ZymoGenetics and Merck Serono restructured existing agreements related to the development of atacicep for autoimmune diseases and research focused on inflammatory diseases.
ZymoGenetics exercised its contractual right to convert to a worldwide royalty license. Hence it will no longer be responsible for funding development of atacicep. Instead, Merck Serono will fund 100% of the program costs on a worldwide basis.
Merck Serono thus also gains exclusive, worldwide development and commercialization rights for atacicept, including in North America. Merck Serono will make milestone payments to ZymoGenetics, as agreed in the original contract between the two companies signed in 2001, and pay royalties on worldwide net sales.
Under the revised research partnership, ZymoGenetics will now control the development and commercialization of IL-31 mAb, and Merck Serono will have the full responsibility for developing and commercializing IL-17RC. Both compounds are being evaluated for the treatment of inflammatory diseases.

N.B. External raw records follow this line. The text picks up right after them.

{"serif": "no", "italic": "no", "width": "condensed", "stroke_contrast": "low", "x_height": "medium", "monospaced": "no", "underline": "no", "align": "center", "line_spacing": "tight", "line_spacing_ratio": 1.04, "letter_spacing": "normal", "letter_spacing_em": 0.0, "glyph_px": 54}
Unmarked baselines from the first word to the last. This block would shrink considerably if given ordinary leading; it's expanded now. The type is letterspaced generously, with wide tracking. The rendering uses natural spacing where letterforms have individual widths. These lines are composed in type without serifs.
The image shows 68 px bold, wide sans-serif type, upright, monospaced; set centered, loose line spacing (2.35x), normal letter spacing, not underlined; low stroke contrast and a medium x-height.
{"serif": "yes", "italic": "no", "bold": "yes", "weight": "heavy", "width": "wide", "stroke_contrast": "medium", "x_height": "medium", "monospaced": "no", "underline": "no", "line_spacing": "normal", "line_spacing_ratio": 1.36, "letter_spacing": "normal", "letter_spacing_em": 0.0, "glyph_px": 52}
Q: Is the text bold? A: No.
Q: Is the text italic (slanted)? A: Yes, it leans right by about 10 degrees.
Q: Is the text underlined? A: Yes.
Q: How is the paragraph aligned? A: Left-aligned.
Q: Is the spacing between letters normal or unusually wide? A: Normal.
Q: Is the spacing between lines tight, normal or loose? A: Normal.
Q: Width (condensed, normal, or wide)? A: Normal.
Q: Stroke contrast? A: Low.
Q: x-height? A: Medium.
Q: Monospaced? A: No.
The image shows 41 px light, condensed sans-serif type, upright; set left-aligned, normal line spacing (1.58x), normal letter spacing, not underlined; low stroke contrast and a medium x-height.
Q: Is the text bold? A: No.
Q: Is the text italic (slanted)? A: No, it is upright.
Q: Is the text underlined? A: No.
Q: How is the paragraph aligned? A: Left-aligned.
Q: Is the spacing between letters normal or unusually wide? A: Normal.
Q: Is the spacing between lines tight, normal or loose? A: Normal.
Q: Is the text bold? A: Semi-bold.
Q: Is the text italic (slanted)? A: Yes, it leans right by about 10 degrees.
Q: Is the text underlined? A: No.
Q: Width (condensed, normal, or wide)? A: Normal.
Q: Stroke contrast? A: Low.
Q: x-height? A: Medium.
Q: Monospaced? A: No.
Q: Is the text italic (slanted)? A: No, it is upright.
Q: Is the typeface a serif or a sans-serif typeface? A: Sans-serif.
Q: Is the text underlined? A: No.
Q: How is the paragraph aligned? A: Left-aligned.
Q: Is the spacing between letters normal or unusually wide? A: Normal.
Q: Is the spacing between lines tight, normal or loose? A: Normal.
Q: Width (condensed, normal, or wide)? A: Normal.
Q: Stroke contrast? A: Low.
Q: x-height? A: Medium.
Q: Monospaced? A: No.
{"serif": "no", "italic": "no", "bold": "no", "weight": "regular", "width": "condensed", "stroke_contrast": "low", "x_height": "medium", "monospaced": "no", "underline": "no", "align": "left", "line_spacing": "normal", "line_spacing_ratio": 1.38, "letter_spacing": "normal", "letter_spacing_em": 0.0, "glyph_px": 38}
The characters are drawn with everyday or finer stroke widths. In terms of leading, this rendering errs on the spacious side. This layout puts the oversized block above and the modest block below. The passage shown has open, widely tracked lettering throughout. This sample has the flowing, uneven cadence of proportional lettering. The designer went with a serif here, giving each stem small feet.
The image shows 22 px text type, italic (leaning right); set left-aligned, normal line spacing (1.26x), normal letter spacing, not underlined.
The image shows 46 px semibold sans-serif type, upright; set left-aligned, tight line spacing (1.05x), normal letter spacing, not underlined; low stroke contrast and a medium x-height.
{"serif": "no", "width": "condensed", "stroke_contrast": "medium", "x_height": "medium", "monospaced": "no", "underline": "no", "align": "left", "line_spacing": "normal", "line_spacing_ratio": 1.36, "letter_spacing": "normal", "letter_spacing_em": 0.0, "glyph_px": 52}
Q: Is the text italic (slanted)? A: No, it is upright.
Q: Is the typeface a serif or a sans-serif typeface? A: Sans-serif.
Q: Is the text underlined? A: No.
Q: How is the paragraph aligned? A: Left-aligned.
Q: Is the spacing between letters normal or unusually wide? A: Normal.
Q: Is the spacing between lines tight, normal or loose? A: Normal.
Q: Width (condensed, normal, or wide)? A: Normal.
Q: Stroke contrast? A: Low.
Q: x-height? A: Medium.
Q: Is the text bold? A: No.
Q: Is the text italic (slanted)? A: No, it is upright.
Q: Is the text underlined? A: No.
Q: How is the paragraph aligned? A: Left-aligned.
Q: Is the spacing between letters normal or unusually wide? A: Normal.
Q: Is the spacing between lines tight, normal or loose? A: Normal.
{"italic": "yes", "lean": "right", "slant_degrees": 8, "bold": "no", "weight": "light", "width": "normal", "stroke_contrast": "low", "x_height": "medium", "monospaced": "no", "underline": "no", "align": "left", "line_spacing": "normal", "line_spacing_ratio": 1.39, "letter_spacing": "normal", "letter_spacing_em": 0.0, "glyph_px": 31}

Future product candidates resulting from the companies' activities under the research alliance will be exclusively licensed for development and commercialization to either ZymoGenetics or Merck Serono.
Merck Serono is developing atacicept (formerly referred to as TACI-Ig) as a potential treatment of autoimmune disease, such as systemic lupus erythematosus (SLE), lupus nephritis, rheumatoid arthritis, multiple sclerosis, as well as B-cell malignancies. The firm initiated a Phase II/III trial of atacicept in SLE patients in June.